I am rebuilding a 50cc 2-stroke moped engine and i need to replace the piston rings. i measured one of the existing rings and it reads about 41mm in diameter. I went to the website of the company and found all the technical information about the moped and it said the piston ring diameter was 32 x 2 as you can see in the first picture. I don't know what units they are using and I cannot order the exact parts online because the company went out of business. The company is called JAWA and is from Europe. I need the correct measurements of the ring so i can order a new one. 32 x 2 is the only information given and if that is in millimeters, then it argues with my 41mm reading of the ring diameter (it is most likely not exactly 41mm but i don't have the correct tools to measure accurately). Are they measuring it a different way? Please tell me what i should do when trying to order replacing piston rings. I was thinking of using rings used for chainsaws. The cylinder has not been re bored. Also, on the second picture i do not understand why there is "A,B,and C" measurements of the same piston? Please help me.

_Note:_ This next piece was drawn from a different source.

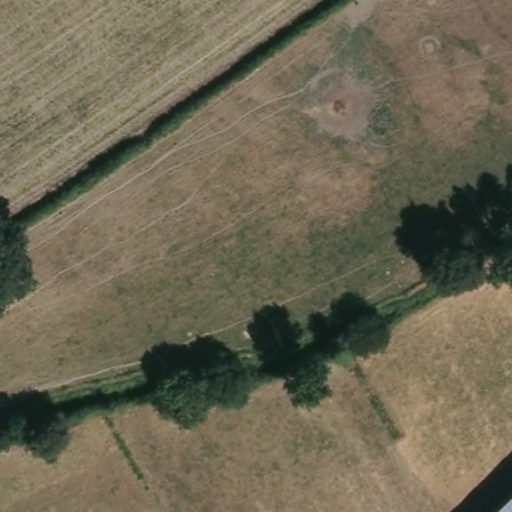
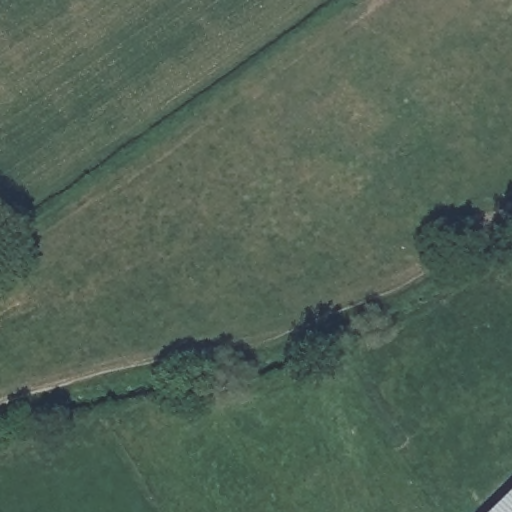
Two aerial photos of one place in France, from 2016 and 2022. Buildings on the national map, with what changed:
unchanged [(512,512),(492,512),(512,497),(512,512)]

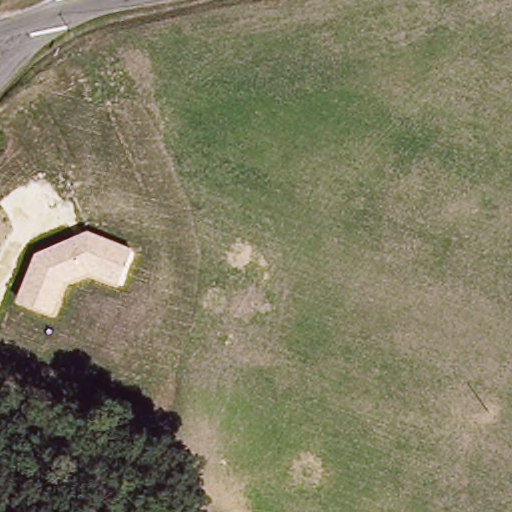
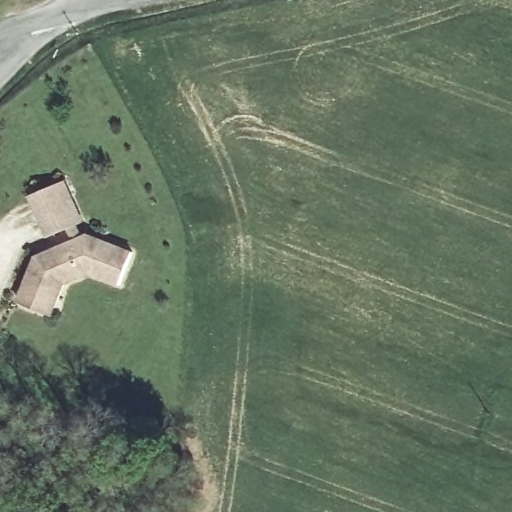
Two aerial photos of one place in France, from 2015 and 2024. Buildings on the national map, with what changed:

http://img354.imageshack.us/img354/838/123he8.png
http://img125.imageshack.us/img125/1053/1234vt8.png


----------



## BDM53 (Aug 9, 2008)

If you can borrow a set of mics, measure the bore, the piston and the ring thickness. I think there was something else buts it been awhile and I am by no means a machinist. They told me what to measure and you will need an acurate measurment. You may be able to find something off their website too. Weisco may have something that will fit. I have ordered rings from them for an Alpha Sports 50 a couple of years ago and they had them. Just a thought, hope it helps.


----------